**PROVIDED RECORDS:**

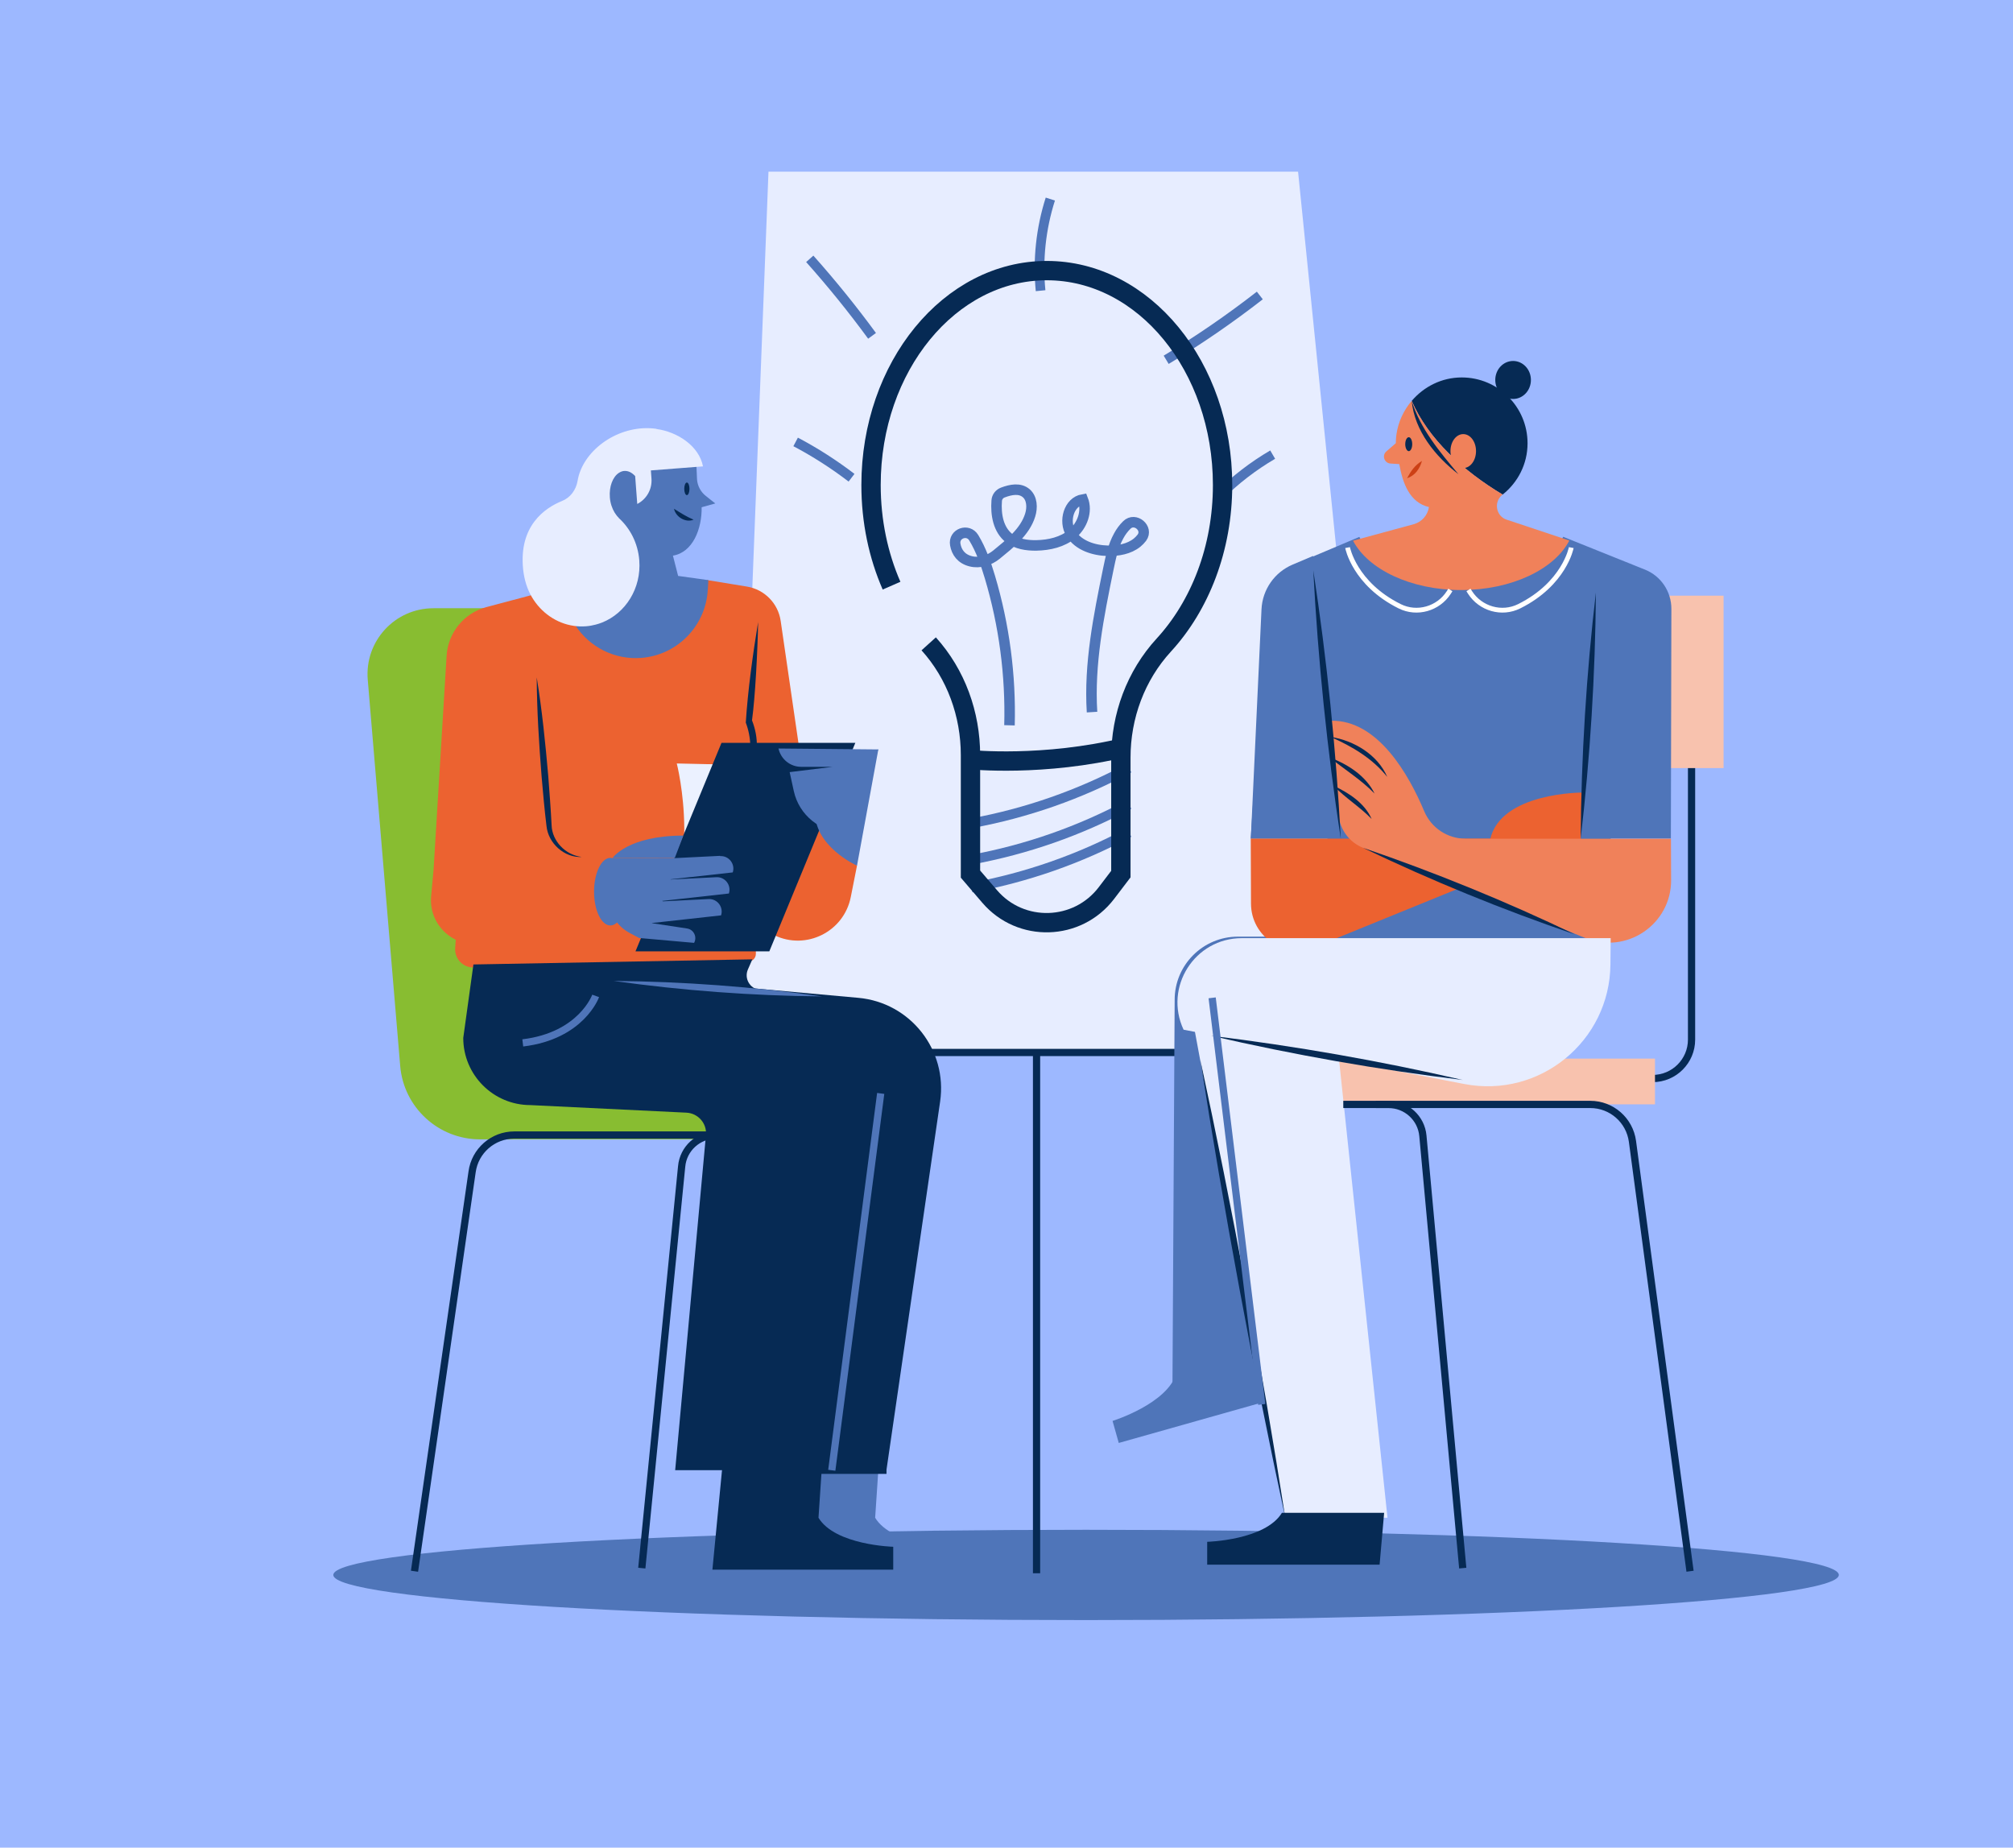 <?xml version="1.0" encoding="UTF-8"?>
<svg xmlns="http://www.w3.org/2000/svg" id="Calque_1" data-name="Calque 1" viewBox="0 0 239.47 219.79">
  <defs>
    <style>
      .cls-1 {
        fill: #88bd31;
      }

      .cls-2 {
        fill: #ec6230;
      }

      .cls-3 {
        fill: #ebf1ff;
      }

      .cls-4, .cls-5, .cls-6 {
        stroke: #4f75b9;
      }

      .cls-4, .cls-5, .cls-6, .cls-7, .cls-8, .cls-9, .cls-10 {
        fill: none;
        stroke-miterlimit: 10;
      }

      .cls-4, .cls-9 {
        stroke-width: .86px;
      }

      .cls-5 {
        stroke-width: 1.25px;
      }

      .cls-6, .cls-8 {
        stroke-width: 1.15px;
      }

      .cls-11 {
        fill: #f0815a;
      }

      .cls-7 {
        stroke: #fff;
        stroke-width: .57px;
      }

      .cls-12 {
        fill: #cc4015;
      }

      .cls-8 {
        stroke: #88bd31;
      }

      .cls-9, .cls-10 {
        stroke: #062a54;
      }

      .cls-13 {
        fill: #9db8ff;
      }

      .cls-14 {
        fill: #f8c2ae;
      }

      .cls-10 {
        stroke-width: 2.3px;
      }

      .cls-15 {
        fill: #062a54;
      }

      .cls-16 {
        fill: #e7edff;
      }

      .cls-17 {
        fill: #4f75b9;
      }
    </style>
  </defs>
  <rect class="cls-13" x="-6.39" y="-15.11" width="252.26" height="242.23"></rect>
  <path class="cls-17" d="M218.75,187.35c0,2.96-40.09,5.37-89.55,5.37s-89.55-2.4-89.55-5.37,40.09-5.37,89.55-5.37,89.55,2.4,89.55,5.37"></path>
  <path class="cls-1" d="M67.66,72.93h-16.1c-4.25,0-7.59,3.63-7.24,7.87l3.86,45.95c.39,4.64,4.27,8.21,8.93,8.21h32.68v-57.11"></path>
  <path class="cls-8" d="M67.66,72.93h-16.1c-4.25,0-7.59,3.63-7.24,7.87l3.86,45.95c.39,4.64,4.27,8.21,8.93,8.21h32.68v-57.11"></path>
  <polygon class="cls-16" points="165.07 125.47 87.34 125.47 91.42 20.42 154.42 20.42 165.07 125.47"></polygon>
  <line class="cls-9" x1="123.31" y1="125.2" x2="123.31" y2="187.15"></line>
  <line class="cls-9" x1="99.04" y1="125.2" x2="156.71" y2="125.2"></line>
  <polygon class="cls-17" points="157.86 94.81 191.61 94.81 191.61 111.6 158.09 113.77 157.86 94.81"></polygon>
  <path class="cls-17" d="M152.82,166.08l-19.73,5.57-.74-2.62s6.59-2.05,7.62-5.73l11.7-3.3,1.15,6.09Z"></path>
  <path class="cls-17" d="M139.48,164.51l13.48-3.01-1.63-50.08h-4.07c-4.16,0-7.54,3.38-7.52,7.55l-.26,45.55Z"></path>
  <path class="cls-9" d="M201.23,72.07v51.6c0,2.55-2.07,4.63-4.63,4.63h-5.72"></path>
  <rect class="cls-14" x="150.54" y="70.86" width="54.5" height="20.51"></rect>
  <rect class="cls-14" x="158.95" y="125.93" width="37.93" height="5.44"></rect>
  <path class="cls-17" d="M185.96,63.86c-1.67,3.22-6.46,5.54-12.13,5.54s-10.44-2.32-12.12-5.53l-5.7,2.41c-3.19,1.35-5.35,4.39-5.57,7.84l-1.65,25.63h10.7s.16,0,.16,0h28.39l.39-4.85-.24,4.85h10.58l.06-27.33c0-2.05-1.24-3.9-3.14-4.66l-9.74-3.91Z"></path>
  <path class="cls-2" d="M188.33,94.28s-9.86-.07-11.07,5.63h10.78l.28-5.63Z"></path>
  <path class="cls-17" d="M156.21,66.13l-2.43,1.03c-2.16.91-3.6,2.98-3.71,5.32l-1.27,27.29h10.7s-3.29-33.63-3.29-33.63Z"></path>
  <path class="cls-2" d="M188.04,99.76h-39.25l.03,7.73c.01,3.95,4.01,6.62,7.67,5.14l31.56-12.86Z"></path>
  <path class="cls-11" d="M198.78,99.77h-24.43c-2.15,0-4.08-1.28-4.92-3.26-1.76-4.2-5.48-10.94-11.15-10.77l.96,11.19c.15,1.75,1.27,3.26,2.9,3.92l26.46,10.74c4.89,1.98,10.22-1.63,10.2-6.9l-.02-4.91Z"></path>
  <path class="cls-15" d="M156.23,67.83c1.62,10.58,2.71,21.25,3.27,31.94-1.62-10.58-2.71-21.25-3.27-31.94"></path>
  <path class="cls-15" d="M188.04,99.77c.07-9.78.67-19.56,1.81-29.28-.07,9.78-.68,19.56-1.81,29.28"></path>
  <path class="cls-16" d="M191.61,111.6h-43.88c-5.6,0-9.3,5.81-6.93,10.89l33.39,6.46c8.97,1.73,17.31-5.09,17.39-14.22l.03-3.13Z"></path>
  <polygon class="cls-16" points="165.06 180.55 152.9 180.55 141.53 119.4 158.59 119.4 165.06 180.55"></polygon>
  <path class="cls-15" d="M144.07,123.21c10.06,1.23,20.06,2.98,29.94,5.26-10.07-1.22-20.06-2.98-29.94-5.26"></path>
  <path class="cls-15" d="M187.36,111.16c-8.6-2.94-17.03-6.38-25.22-10.31,8.6,2.94,17.03,6.38,25.22,10.31"></path>
  <path class="cls-15" d="M164.12,186.13h-20.51v-2.72s6.9-.18,8.89-3.45h12.16l-.54,6.17Z"></path>
  <path class="cls-9" d="M159.8,131.38h29.38c2.54,0,4.68,1.88,5.02,4.39l6.85,51.14"></path>
  <path class="cls-9" d="M163.67,131.38h1.5c2.13,0,3.91,1.62,4.1,3.74l4.74,51.42"></path>
  <path class="cls-15" d="M152.9,180.55c-3.77-17.46-7.36-36.78-10.1-54.44,3.78,17.46,7.36,36.79,10.1,54.44"></path>
  <path class="cls-15" d="M158.29,87.66c2.78.42,5.6,2.12,6.74,4.76-1.77-2.21-4.17-3.62-6.74-4.76"></path>
  <path class="cls-15" d="M158.17,90.1c2.14.8,4.32,2.18,5.35,4.3-1.63-1.67-3.54-2.84-5.35-4.3"></path>
  <path class="cls-15" d="M158.64,93.47c1.81.84,3.71,2.07,4.53,3.95-1.39-1.43-3.14-2.51-4.53-3.95"></path>
  <path class="cls-17" d="M91.48,186.72h21.52v-2.72s-6.9-.18-8.89-3.45l.39-5.85h-11.85l-1.16,12.02Z"></path>
  <path class="cls-9" d="M86.69,135.02h-25.51c-2.54,0-4.68,1.88-5.02,4.39l-6.85,47.5"></path>
  <path class="cls-9" d="M86.69,135.02h-1.5c-2.13,0-3.91,1.62-4.1,3.74l-4.74,47.78"></path>
  <path class="cls-15" d="M90.1,174.9h15.35l6.39-43.87c.89-6.14-3.55-11.77-9.73-12.33l-13.7-1.24,1.69,57.43Z"></path>
  <path class="cls-2" d="M89.65,86.72l-34.54,11.73-.96,14.34c-.08,1.16.78,2.17,1.94,2.29l32.92-.69c.51-.01.92-.43.91-.94l-.27-26.73Z"></path>
  <path class="cls-15" d="M84.74,186.72h21.52v-2.72s-6.9-.18-8.89-3.45l.39-5.85h-11.85l-1.16,12.02Z"></path>
  <path class="cls-15" d="M94.19,118.22l-3.85-.48c-1.14-.14-1.83-1.35-1.37-2.41l.53-1.21-33.18.61-1.21,8.74c0,4.41,3.58,7.99,7.99,7.99l18.56.9c1.39.07,2.45,1.28,2.32,2.67l-3.66,39.86h18.64l5.32-43.48c.79-6.47-3.57-12.91-10.08-13.19"></path>
  <path class="cls-2" d="M84.09,68.99c-.02.73-.13,1.44-.31,2.12-.85,3.75-4.18,6.51-8.12,6.53-3.14.01-5.91-1.72-7.35-4.32-1.96-.44-3.08-1-3.98-2.82l-6.47,1.72c-2.66.71-4.56,3.04-4.73,5.78l-1.55,25.43-.29,3.17c-.3,3.24,2.4,5.96,5.64,5.69l26.94-2.19,1.21-2.81,4.97,2.07c3.54,1.48,7.42-1.23,7.25-5.07l-4.43-30.43c-.3-2.08-1.92-3.73-4-4.08l-4.76-.78Z"></path>
  <path class="cls-17" d="M80.04,66.1c2.38-.38,3.47-3.19,3.43-5.76l1.62-.45-1.12-.89c-.61-.48-.99-1.19-1.05-1.96l-.1-2.26s-9.27.47-9.5.48c-.01,0-.02,0-.03,0-.23.02-.44.11-.64.24-.7.47-1.14,2.64-1.04,3.91.05.69.26,1.31.56,1.79.14.23.3.44.48.6v.02c1.33,1.21,2.24,2.95,2.39,4.95.25,3.27-.54,5.13-3.3,6.21-.23.09-.48.17-.72.23-.37.1-.75.17-1.14.2-.48.04-.96,1.08-1.42,1.01,1.68,2.55,4.65,4.1,7.86,3.84,4.03-.33,7.22-3.41,7.8-7.32.06-.38.14-1.54.14-1.93l-3.59-.5-.62-2.42Z"></path>
  <path class="cls-16" d="M78.08,51.01c-4.13-.58-8.27,2.14-9.24,5.6-.05.2-.1.4-.13.6-.19,1.07-.85,1.99-1.86,2.39-2.07.84-5.14,2.97-4.62,8.11.13,1.22.47,2.35,1.05,3.33,1.09,1.83,2.9,3.11,4.98,3.41.47.07.96.09,1.45.05.4-.03.79-.1,1.16-.2.25-.07.5-.14.74-.24,2.81-1.11,4.7-4.08,4.44-7.41-.16-2.04-1.09-3.81-2.45-5.04v-.02c-.17-.16-.33-.37-.48-.61-.3-.49-.52-1.12-.57-1.82-.1-1.29.35-2.43,1.06-2.9.2-.13.41-.22.65-.24.01,0,.02,0,.03,0,.23-.01.45.04.66.14.22.11.42.27.61.47l.13,1.72.12,1.6c1.09-.56,1.79-1.73,1.69-3.03l-.07-.96,5.27-.41.93-.07c-.46-2.41-3-4.1-5.54-4.45"></path>
  <path class="cls-10" d="M115.45,90.37s8.68.89,18.48-1.49"></path>
  <path class="cls-6" d="M134.31,91.37c-5.85,3.14-12.19,5.36-18.73,6.56"></path>
  <path class="cls-6" d="M134.31,95.7c-5.85,3.14-12.19,5.36-18.73,6.56"></path>
  <path class="cls-6" d="M134.31,99.03c-5.85,3.14-12.19,5.36-18.73,6.56"></path>
  <path class="cls-5" d="M120.09,86.28c.16-5.95-.63-11.93-2.33-17.64-.48-1.61-1.06-3.25-1.92-4.67-.69-1.14-2.43-.5-2.2.81.16.93.72,1.71,1.84,1.99,1.08.27,2.21-.1,3.07-.8,1.55-1.27,3.38-2.69,4-4.69.28-.89.24-2-.47-2.61-.75-.64-1.81-.45-2.78-.08-.41.15-.7.53-.73.96-.13,1.68.19,3.47,1.49,4.48.9.69,2.1.87,3.23.85,1.53-.03,3.11-.39,4.28-1.37,1.17-.98,1.81-2.68,1.25-4.1-1.67.28-2.32,2.61-1.42,4.05.89,1.44,2.71,2.02,4.4,2.06,1.22.02,2.51-.2,3.47-.97.21-.17.4-.37.57-.59.81-1.11-.81-2.48-1.79-1.51-.39.38-.72.83-.97,1.3-.67,1.21-.95,2.58-1.23,3.93-1.15,5.62-2.3,11.31-1.94,17.03"></path>
  <path class="cls-6" d="M96.33,30.79c2.61,2.93,5.09,5.99,7.41,9.16"></path>
  <path class="cls-6" d="M124.95,23.68c-1.12,3.5-1.52,7.24-1.16,10.9"></path>
  <path class="cls-6" d="M149.87,35.15c-3.56,2.77-7.28,5.33-11.14,7.65"></path>
  <path class="cls-6" d="M151.4,54.08c-2.32,1.36-4.47,3.01-6.38,4.92"></path>
  <path class="cls-6" d="M94.65,52.57c2.33,1.23,4.56,2.66,6.65,4.26"></path>
  <path class="cls-15" d="M178.76,58.83c1.8-1.43,2.96-3.62,2.96-6.1,0-4.33-3.51-7.83-7.83-7.83-2.39,0-4.51,1.1-5.95,2.79,1.95,4.52,6.13,8.35,10.82,11.15"></path>
  <path class="cls-11" d="M179.25,61.83c-1.3-.43-1.59-2.13-.52-2.98l.03-.02c-4.68-2.8-8.87-6.63-10.82-11.15-.95,1.12-1.61,2.5-1.82,4.02-.05.33-.07.68-.07,1.02l-1.13.98c-.55.48-.24,1.39.49,1.44l1.05.07c.41,2.3,1.24,4.57,3.53,5.11-.15.98-.86,1.78-1.82,2.04l-7.21,1.96c1.78,3.41,6.86,5.87,12.86,5.87s11.1-2.47,12.87-5.89l-7.45-2.48Z"></path>
  <path class="cls-15" d="M177.88,45.2c0,1.25.95,2.26,2.12,2.26s2.12-1.01,2.12-2.26-.95-2.26-2.12-2.26-2.12,1.01-2.12,2.26"></path>
  <path class="cls-11" d="M175.59,53.66c0,1.12-.68,2.02-1.52,2.02s-1.52-.9-1.52-2.02.68-2.02,1.52-2.02,1.52.9,1.52,2.02"></path>
  <path class="cls-15" d="M167.94,47.69c1.01,3.31,3.37,6.11,5.56,8.72-2.74-2.11-5.23-5.17-5.56-8.72"></path>
  <path class="cls-7" d="M160.31,65.14s.81,4.3,6.2,6.98c2.07,1.03,4.59.3,5.84-1.64l.19-.3"></path>
  <path class="cls-7" d="M186.92,65.14s-.81,4.3-6.2,6.98c-2.07,1.03-4.59.3-5.84-1.64l-.19-.3"></path>
  <path class="cls-15" d="M90.19,73.94c-.07,3.64-.35,8.99-.73,11.75,1.7,4.36-.64,7.79-3.28,11.06.85-1.75,2.12-3.38,2.71-5.23.55-1.81.5-3.79-.17-5.56.24-3.79.83-8.1,1.48-12.04"></path>
  <path class="cls-2" d="M101.95,102.98l-.74,3.73c-.82,4.13-5.31,6.37-9.1,4.54l-4.82-2.33,7.15-14.84"></path>
  <path class="cls-3" d="M80.51,90.81s3.47,13.6-3.27,20.76c-.54.57-.14,1.51.64,1.51h9.95l9.54-21.88-16.87-.38Z"></path>
  <polygon class="cls-15" points="91.52 113.17 75.6 113.17 85.83 88.37 101.75 88.37 91.52 113.17"></polygon>
  <path class="cls-17" d="M104.49,89.14l-2.54,13.84s-5.26-2.35-4.98-6.64c.28-4.29,7.52-7.2,7.52-7.2"></path>
  <path class="cls-17" d="M92.61,89.04h0c.28,1.27,1.4,2.18,2.7,2.18h3.75l-5.12.63.49,2.25c.63,2.88,3.18,4.93,6.12,4.93l3.93-9.88-11.88-.11Z"></path>
  <path class="cls-15" d="M63.85,80.58c.63,3.89,1.03,7.8,1.37,11.72.15,1.96.3,3.92.4,5.88.06,1.84,1.62,3.54,3.6,3.76-2.08.12-4.01-1.62-4.21-3.7-.24-1.96-.41-3.91-.58-5.87-.31-3.92-.56-7.85-.58-11.79"></path>
  <line class="cls-9" x1="105.46" y1="174.9" x2="89.79" y2="174.9"></line>
  <path class="cls-15" d="M82.02,58.15c0,.41-.14.75-.31.75s-.31-.33-.31-.75.14-.75.31-.75.31.33.31.75"></path>
  <path class="cls-15" d="M168,52.84c0,.46-.19.83-.41.83s-.42-.37-.42-.83.19-.83.42-.83.41.37.41.83"></path>
  <path class="cls-15" d="M80.18,60.52c.83.52,1.46.93,2.33,1.3-.95.4-2.13-.33-2.33-1.3"></path>
  <path class="cls-12" d="M169.16,54.83c-.24.91-.85,1.78-1.77,2.05.45-.84.93-1.55,1.77-2.05"></path>
  <path class="cls-4" d="M70.86,118.47s-1.68,4.75-8.67,5.59"></path>
  <path class="cls-17" d="M85.67,101.81l-5.4.27-7.38-.03-.5,5.03c.1,1.65,1.05,3.12,2.51,3.9l1.13.6,6.54.58c.39-.71-.04-1.59-.84-1.71l-4.16-.63-.02-.02,8.23-.91c.32-.99-.46-2-1.5-1.94l-5.4.27-.11-.05,7.94-.88c.32-.99-.46-2-1.5-1.94l-5.4.27-.04-.02,7.4-.82c.32-.99-.46-2-1.5-1.94"></path>
  <path class="cls-17" d="M81.29,99.4l-1.02,2.67-7.38-.03s1.8-2.64,8.4-2.64"></path>
  <path class="cls-17" d="M97.81,118.53c-8.3-.07-16.59-.69-24.81-1.84,8.3.07,16.59.69,24.81,1.84"></path>
  <line class="cls-4" x1="98.95" y1="174.9" x2="104.77" y2="130.07"></line>
  <path class="cls-17" d="M74.55,106.07c0,2.22-.87,4.02-1.94,4.02s-1.94-1.8-1.94-4.02.87-4.02,1.94-4.02,1.94,1.8,1.94,4.02"></path>
  <path class="cls-10" d="M110.48,76.59c3.26,3.61,4.97,8.37,4.97,13.24v14.15l2.28,2.66c3.7,4.32,10.44,4.12,13.89-.4l1.72-2.26v-13.86c0-4.94,1.77-9.75,5.11-13.39,4.29-4.67,6.99-11.46,6.99-19.03,0-14.09-9.36-25.51-20.91-25.51s-20.91,11.42-20.91,25.51c0,4.33.88,8.4,2.44,11.97"></path>
  <line class="cls-4" x1="150.1" y1="167.07" x2="144.2" y2="118.7"></line>
</svg>

**PROMPT:** Across the whole listing above, tally each line where the string "height" occurs, and give the number and nothing more.

**ANSWER BELOW:** 3